In the Advanced Python 2 course, you will learn advanced methods and packages for working with "big data" with Pandas. The course also covers using Dask for parallel computation. Machine learning is demonstrated with [...]
This course is for experienced machine-learning practitioners who want to take their skills to the next level by using R to hone their abilities as predictive modellers. Trainees will learn essential techniques for real machine-learning model development, helping them to build more accurate models. In the masterclass, participants will work to deploy, test, and improve their models.

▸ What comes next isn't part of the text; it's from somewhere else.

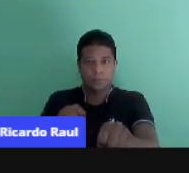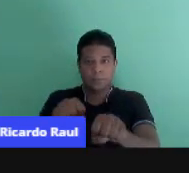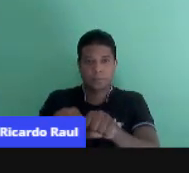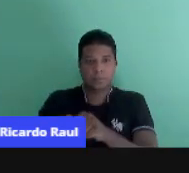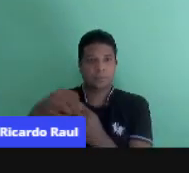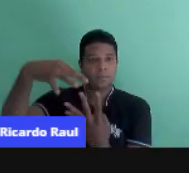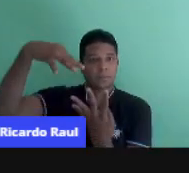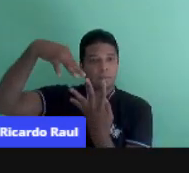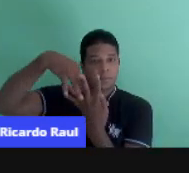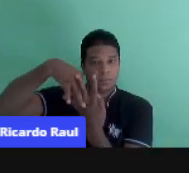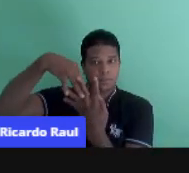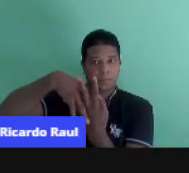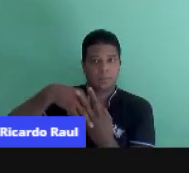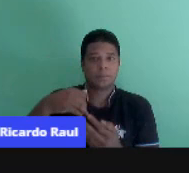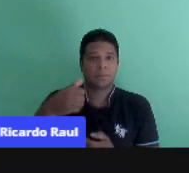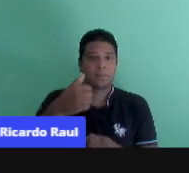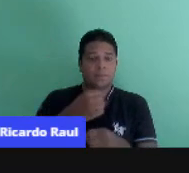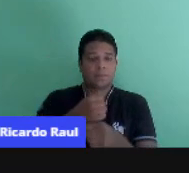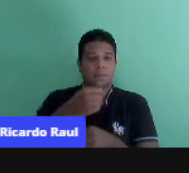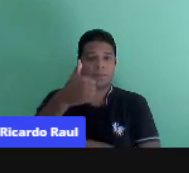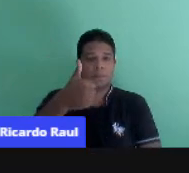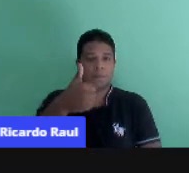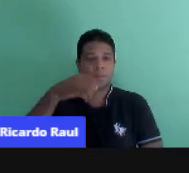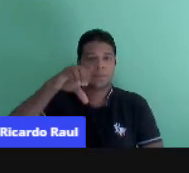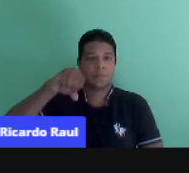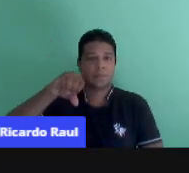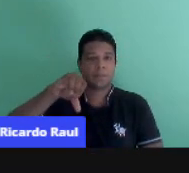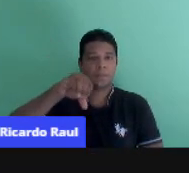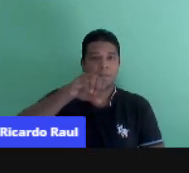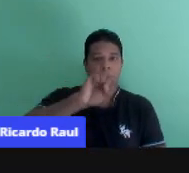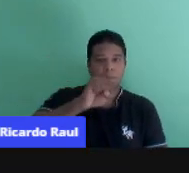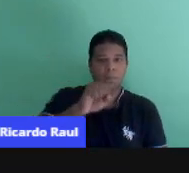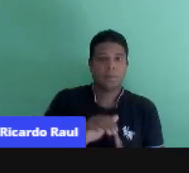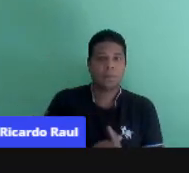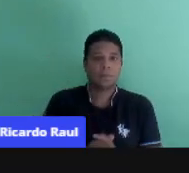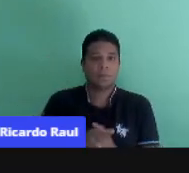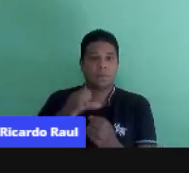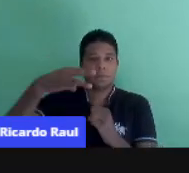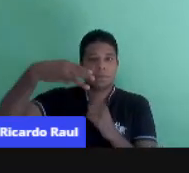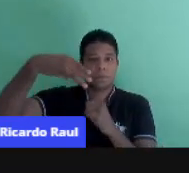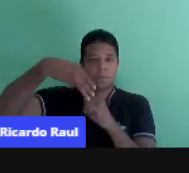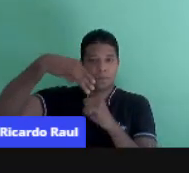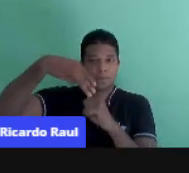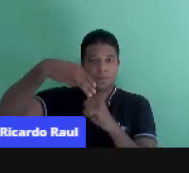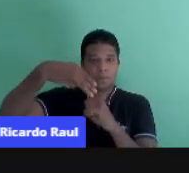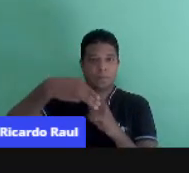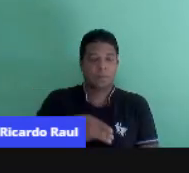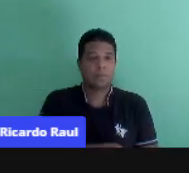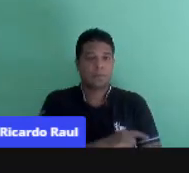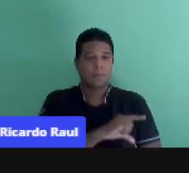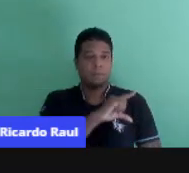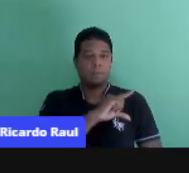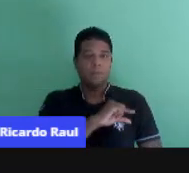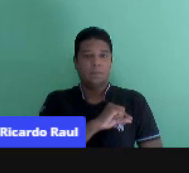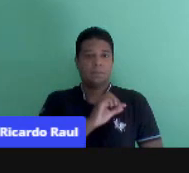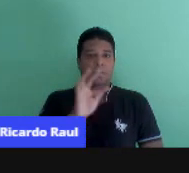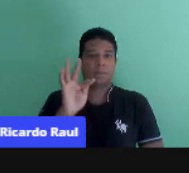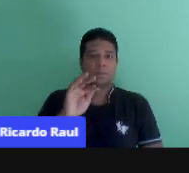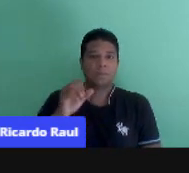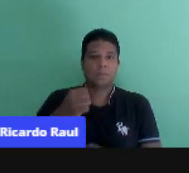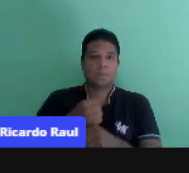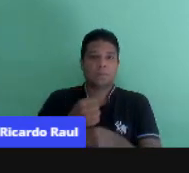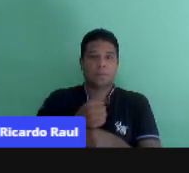Grosso do Sul, em 1998, mestrado em educação pela Universidade Católica Dom Bosco, em 2005,

Blockchain is one of the most disruptive and least understood technologies to emerge over the previous decade. This course gives participants an intuitive understanding of blockchain in both public and private contexts, allowing them to distinguish genuine use cases from hype. We explore public crypto-currencies, smart contracts and consortium chains, interspersing theory with case studies from areas such as financial markets, health care, trade finance, and supply chain. The course does not require a technical background.